Previous studies have shown that subregions of the IFC are sensitive to semantic and syntactic analysis in music and speech. Semantic analysis of word and sentence stimuli have revealed activation in left BA 47 (Dapretto and Bookheimer 1999; Roskies et al. 2001; Wagner et al. 2001; Binder et al. 2009) and left BA 45 (Newman et al. 2001; Wagner et al. 2001), while the analysis of language-based syntax has typically revealed activation of left BA 44 (Dapretto and Bookheimer 1999; Ni et al. 2000; Friederici et al. 2006; Makuuchi et al. 2009). In the music domain, BA 44 has also been implicated in syntactic processing. For example, magnetoencephalography (Maess et al. 2001) and fMRI (Koelsch et al. 2002) studies have shown increased cortical activity localized to Broca’s Area (BA 44) and its right-hemisphere homolog in response to chord sequences ending with “out-of-key” chords relative to “in-key” chords. A prior study has shown that the anterior and ventral aspects of the IFC within the pars orbitalis (BA 47) are sensitive to temporal structure variation in music (Levitin and Menon 2003, 2005). The present study differs from all previous studies in its use of an identical, well-controlled structural manipulation of music and speech stimuli to examine differences in fine-scale patterns of fMRI activity in the same set of participants.

The IFC distinguished between the same temporal structure manipulation in music and speech with classification accuracies between 70% and 85%. Importantly, all 3 subdivisions of the IFC—BA 44, 45, and 47—were equally able to differentiate the same manipulation in the 2 domains (Fig. 4). Furthermore, both the left and right IFC were sensitive to temporal structure, although the relative classification rates varied considerably across the 3 subdivisions and 2 hemispheres. The inferior frontal sulcus was also sensitive to temporal structure, consistent with a recent study that showed sensitivity of the inferior frontal sulcus to hierarchically structured sentence processing in natural language stimuli (Makuuchi et al. 2009).

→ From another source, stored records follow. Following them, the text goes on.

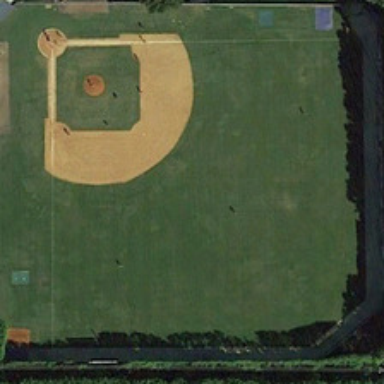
Some green trees and several buildings are around a baseball field .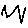
Label: zigzag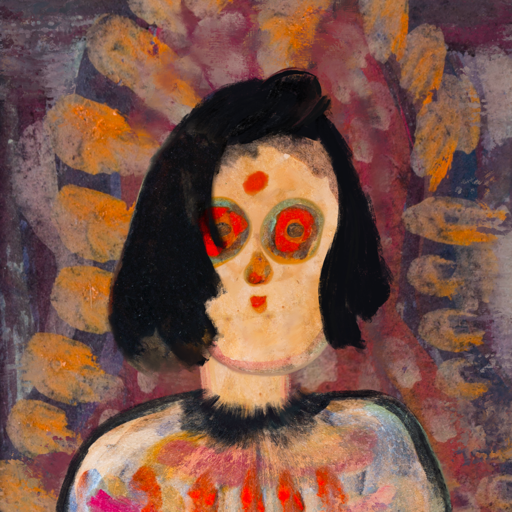
Background: Doll, Head And Neck Front: Childish, Face Front: Sisters, Bust: Childish, Hair Front: Mosgoul, Head Accessory: Blank, Second Necklace: Blank, Necklace: Blank, Baby: Blank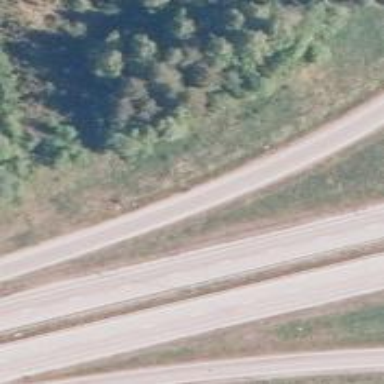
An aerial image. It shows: Trunk link highway with asphalt surface.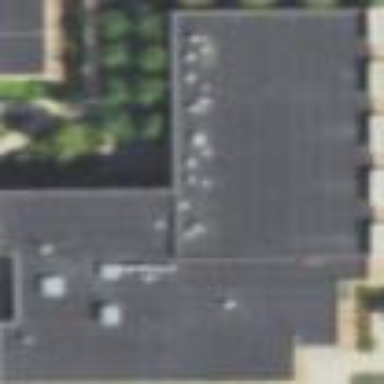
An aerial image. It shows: College building.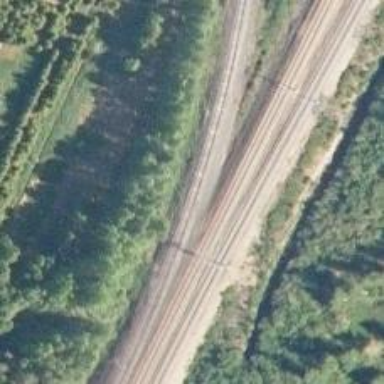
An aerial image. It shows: Railway track with continuous electrified contact lines.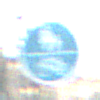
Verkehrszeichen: GemeinsamerGehUndRadweg
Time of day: SunriseSunset
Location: Outdoor (Nature)
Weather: Clear
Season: Winter
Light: Natural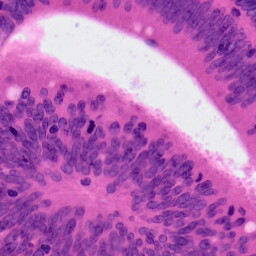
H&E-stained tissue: Colon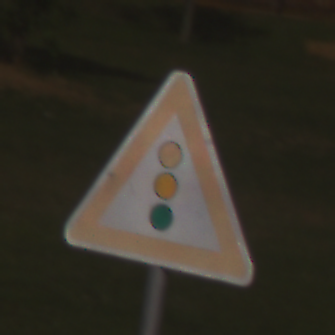
Verkehrszeichen: Lichtzeichenanlage
Umgebung: Outdoor, Nature
Tageszeit: Night
Wetter: Clear
Licht: Natural
Jahreszeit: NotSpecified
Kontrast: HighContrast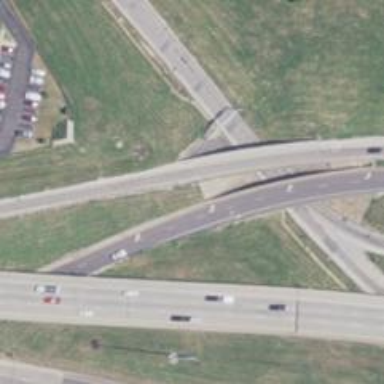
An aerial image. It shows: Primary_link highway crossing bridge.

These results extend the SSIRH by showing that both left and right hemisphere IFC are involved in decoding temporal structure and that there is differential sensitivity to temporal structure among the constituent structures of the IFC. Although classification rates were high in both Broca’s area and its right-hemisphere homolog (BA 44 and 45), these regions showed differential sensitivity with higher classification rates in the left, as compared with the right, BA 44, and higher classification rates in the right, compared with the left, BA 45. Additional experimental manipulations will be needed to further delineate and better understand the relative contributions of various left and right hemisphere subregions of the IFC for processing of fine- and coarse-grained temporal structure.

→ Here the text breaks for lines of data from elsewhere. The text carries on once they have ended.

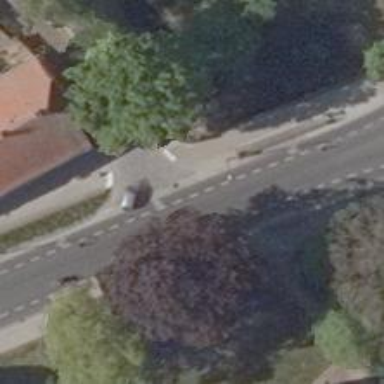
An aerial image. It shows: Primary highway with asphalt surface. It has sidewalks on both sides and cycle track.
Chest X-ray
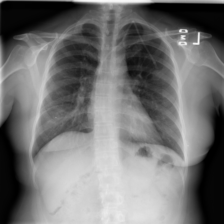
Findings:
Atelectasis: negative
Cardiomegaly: negative
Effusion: negative
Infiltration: negative
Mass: negative
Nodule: negative
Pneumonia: negative
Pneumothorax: negative
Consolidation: negative
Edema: negative
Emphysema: negative
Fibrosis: negative
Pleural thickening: negative
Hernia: negative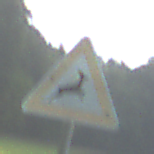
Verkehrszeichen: WildwechselLinks
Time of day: SunriseSunset
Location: Outdoor (Nature)
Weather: PartlyCloudy
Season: NotSpecified
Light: Natural
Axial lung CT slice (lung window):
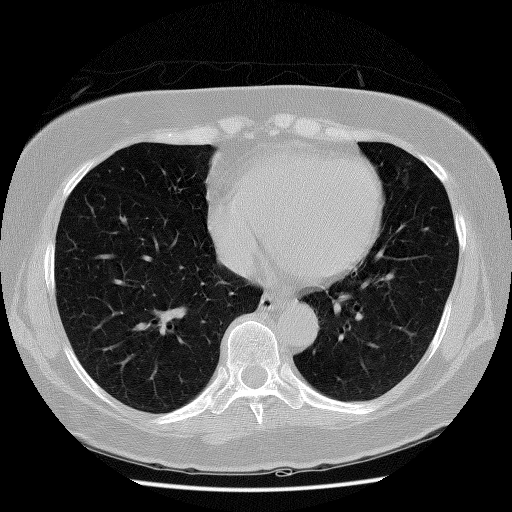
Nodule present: no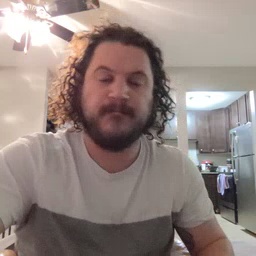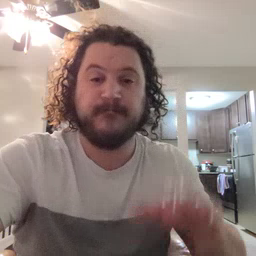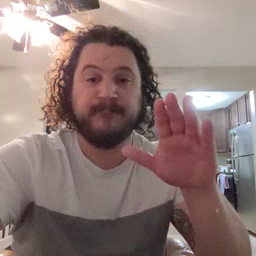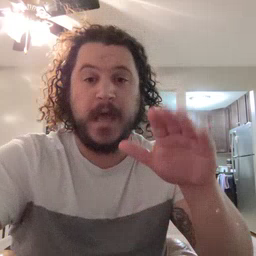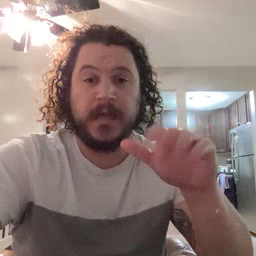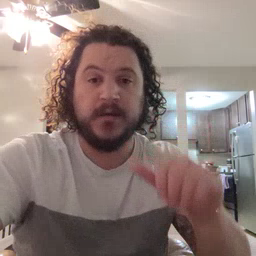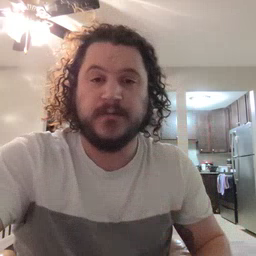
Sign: bye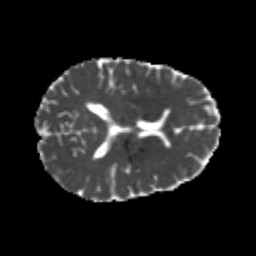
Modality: MD
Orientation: axial
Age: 24
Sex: female
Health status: healthy
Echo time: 0.074 s
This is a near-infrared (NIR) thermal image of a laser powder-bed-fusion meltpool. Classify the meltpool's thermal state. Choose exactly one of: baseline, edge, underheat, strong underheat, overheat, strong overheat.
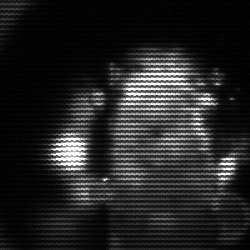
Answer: strong underheat

Modular Versus Distributed Neural Substrates for Temporal Structure Processing and Syntactic Integration

In addition to the IFC, responses in several temporal lobe regions also distinguished between the same structural manipulation in music and speech. Classification accuracies greater than 85% were observed bilaterally in the anterior and posterior divisions of the STG and pMTG as well as the left PT and aMTG. Slightly lower accuracies (∼75%) were found in the temporal pole and PP in addition to HG. Again, it is noteworthy that fMRI signal strengths to the 2 acoustic stimuli were statistically similar in all regions of temporal lobe.

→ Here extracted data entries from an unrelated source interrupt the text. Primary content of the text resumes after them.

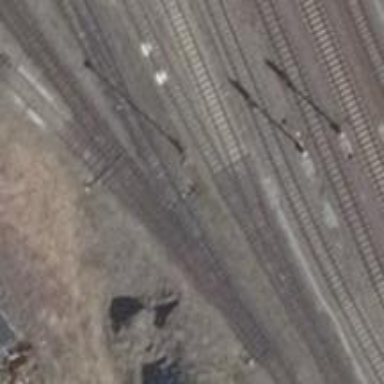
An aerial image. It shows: Railway spur service.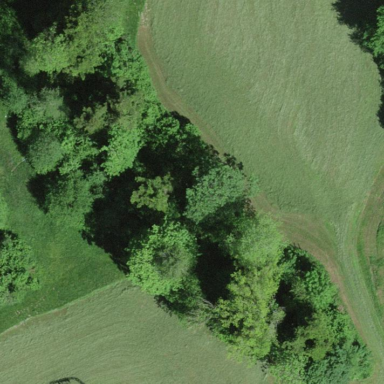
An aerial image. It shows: Mixed-leaf forest area.
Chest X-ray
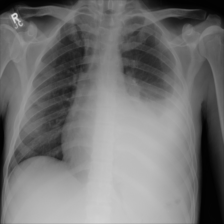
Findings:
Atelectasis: negative
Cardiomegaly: negative
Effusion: negative
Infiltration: negative
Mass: negative
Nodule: negative
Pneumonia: negative
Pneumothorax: negative
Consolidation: negative
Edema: negative
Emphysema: negative
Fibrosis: negative
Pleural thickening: negative
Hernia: negative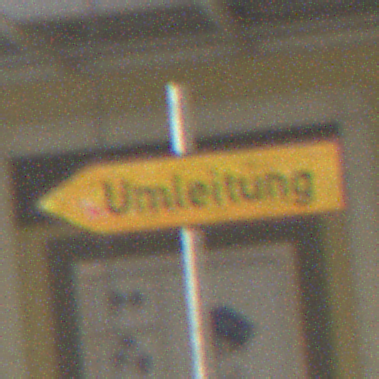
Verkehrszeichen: UmleitungswegweiserLinksweisend
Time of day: MorningAfternoon
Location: Outdoor (Urban)
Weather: PartlyCloudy
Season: NotSpecified
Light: Natural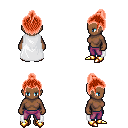
a pixel art fantasy rpg character, female body template, human, dark skin, white cape, magenta pants, red short topknot hairstyle, gold boots, four views (front, back, left, right), 2x2 character sprite sheet, small pixel art, hard edges, no anti-aliasing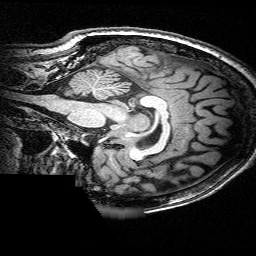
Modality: T1w
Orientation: sagittal
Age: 54
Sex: female
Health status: ill
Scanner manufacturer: siemens
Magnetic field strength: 3 T
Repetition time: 0.0025 s
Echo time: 0.00336 s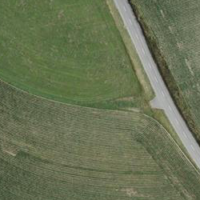
EUNIS habitat code: 52
Species observed at this site:
Ononis spinosa
Centaurea scabiosa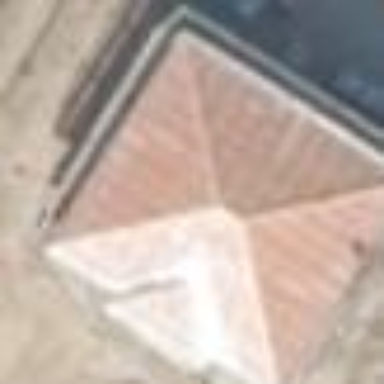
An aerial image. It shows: Detached building with pyramidal roof shape.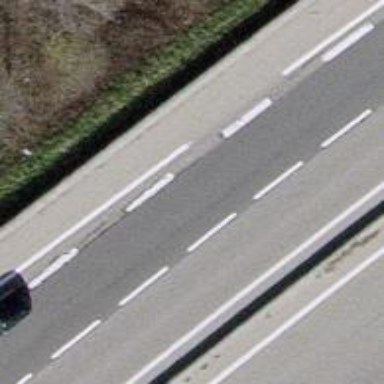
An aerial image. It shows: Motorway junction.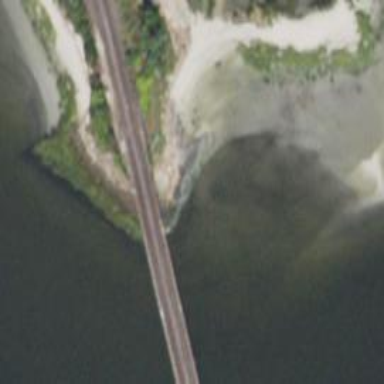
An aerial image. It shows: Bridge with electrified rail.

A common interpretation of prior findings has been that the processing of music and speech syntax is a modular phenomenon, with either IFC or anterior temporal regions underlying different processes (Caplan et al. 1998; Dapretto and Bookheimer 1999; Grodzinsky 2000; Ni et al. 2000; Maess et al. 2001; Martin 2003; Humphries et al. 2005). It is important to note, however, that the many studies that have arrived at this conclusion have often used dissimilar experimental manipulations, including different cognitive paradigms and stimulus types. We hypothesize that a common bilateral and distributed network including cortical, subcortical, brainstem, and cerebellar structures underlies the decoding of temporal structure (including syntax) in music and speech. This network is incompletely revealed when only the amplitude of fMRI signal changes are examined (Freeman et al. 2009). When the magnitude of fMRI signal change is the independent variable in studies of temporal structure processing, the (usually cortical) structures that are subsequently identified may primarily reflect large differences in the stimulus types and cognitive paradigms used to elicit brain responses. Consistent with this view, both anatomical and intrinsic functional connectivity analyses have provided evidence for strong coupling between the IFC, pSTS/STG, and anterior temporal cortex (Anwander et al. 2007; Frey et al. 2008; Friederici 2009; Petrides and Pandya 2009; Xiang et al. 2010). A compelling question for future research is how this connectivity differentially influences structure processing in music and speech.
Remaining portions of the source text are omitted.